> [Excerpted data]

----------------

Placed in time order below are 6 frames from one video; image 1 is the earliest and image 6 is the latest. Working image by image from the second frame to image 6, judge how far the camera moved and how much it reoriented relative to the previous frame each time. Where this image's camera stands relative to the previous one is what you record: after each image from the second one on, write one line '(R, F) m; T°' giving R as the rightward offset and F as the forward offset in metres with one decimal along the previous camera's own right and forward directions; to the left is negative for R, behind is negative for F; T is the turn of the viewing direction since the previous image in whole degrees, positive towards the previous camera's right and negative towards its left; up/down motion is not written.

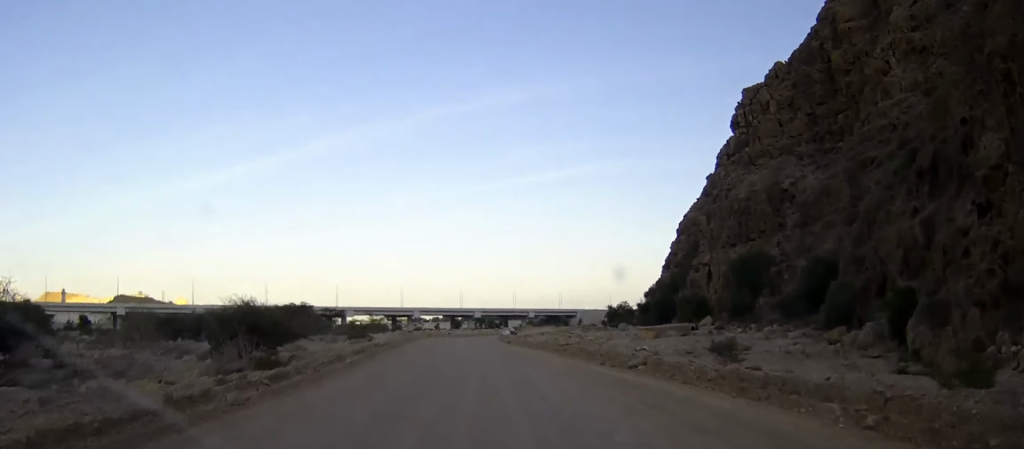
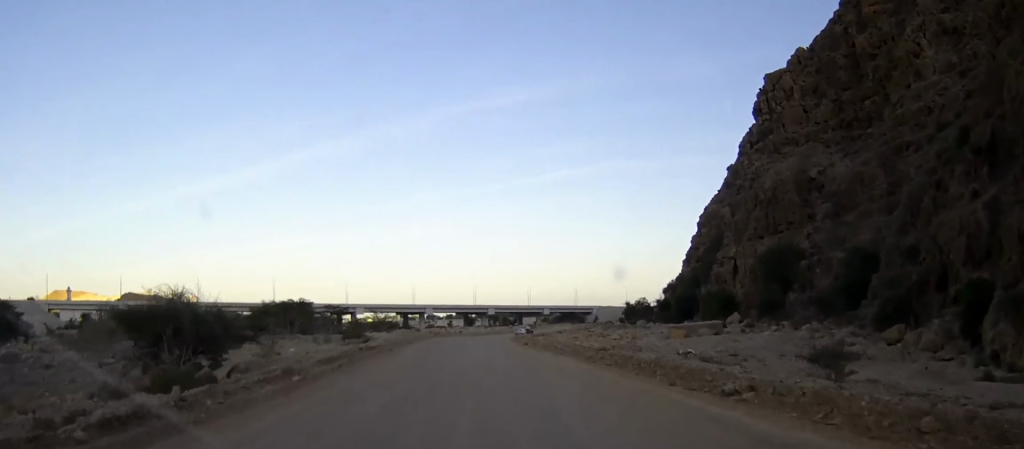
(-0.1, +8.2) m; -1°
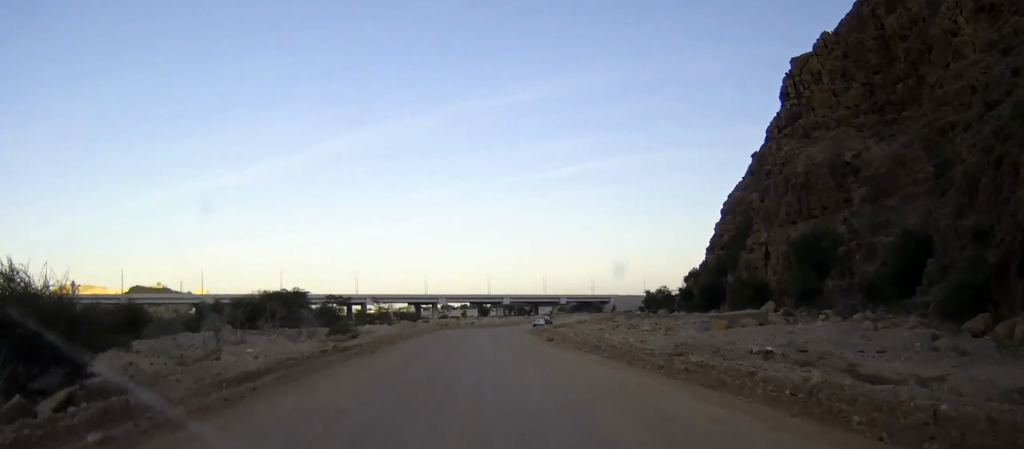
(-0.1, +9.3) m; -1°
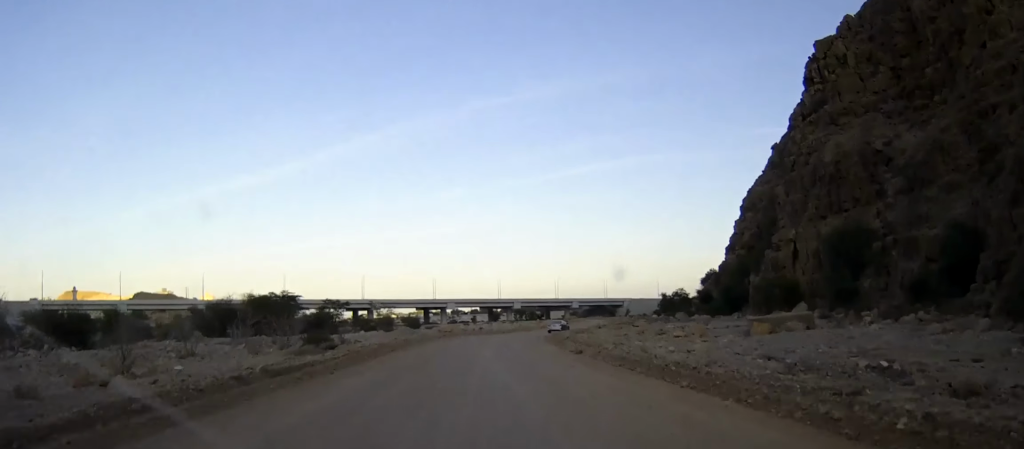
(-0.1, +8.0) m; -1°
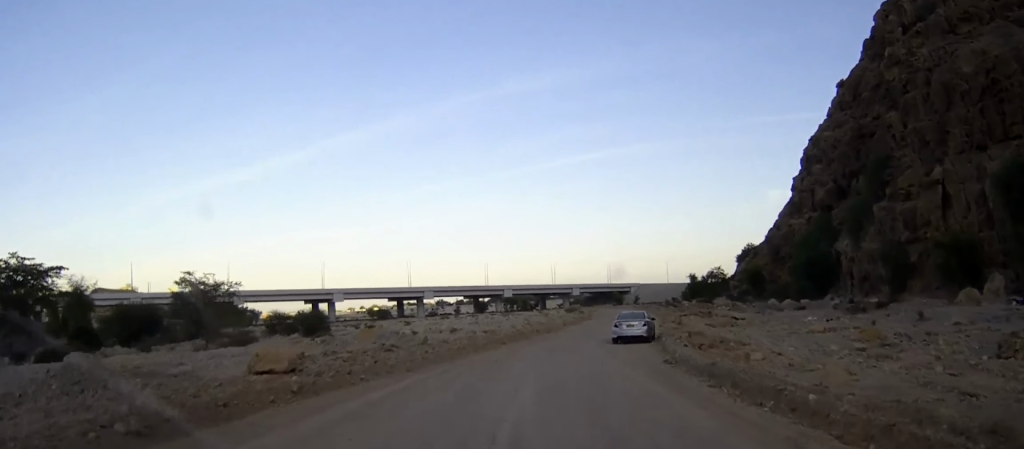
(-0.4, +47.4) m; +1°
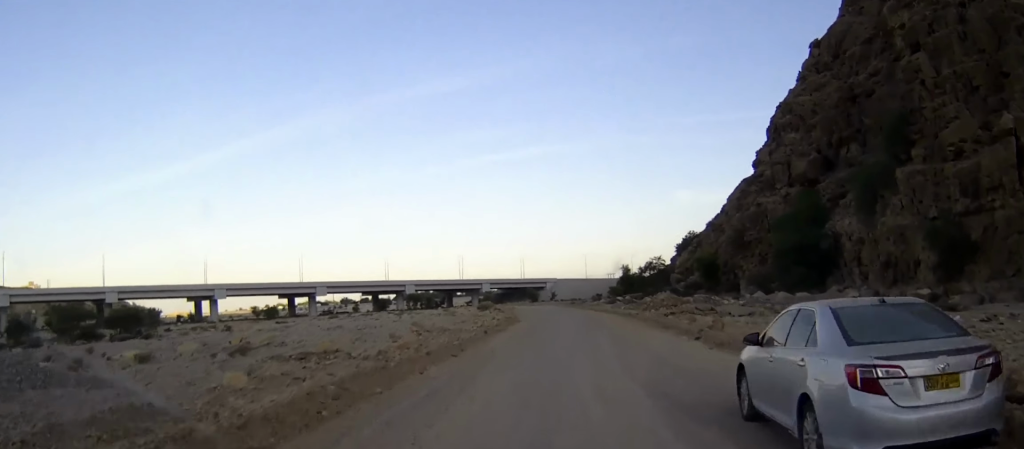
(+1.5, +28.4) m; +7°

----------------

Return all the data above as written, leaving out only the pictures.

Placed in time order below are 6 frames from one video; image 1 is the earliest and image 6 is the latest. Working image by image from the second frame to image 6, judge how far the camera moved and how much it reoriented relative to the previous frame each time. Where this image's camera stands relative to the previous one is what you record: after each image from the second one on, write one line '(R, F) m; T°' giving R as the rightward offset and F as the forward offset in metres with one decimal along the previous camera's own right and forward directions; to the left is negative for R, behind is negative for F; T is the turn of the viewing direction since the previous image in whole degrees, positive towards the previous camera's right and negative towards its left; up/down motion is not written.

(-0.1, +8.2) m; -1°
(-0.1, +9.3) m; -1°
(-0.1, +8.0) m; -1°
(-0.4, +47.4) m; +1°
(+1.5, +28.4) m; +7°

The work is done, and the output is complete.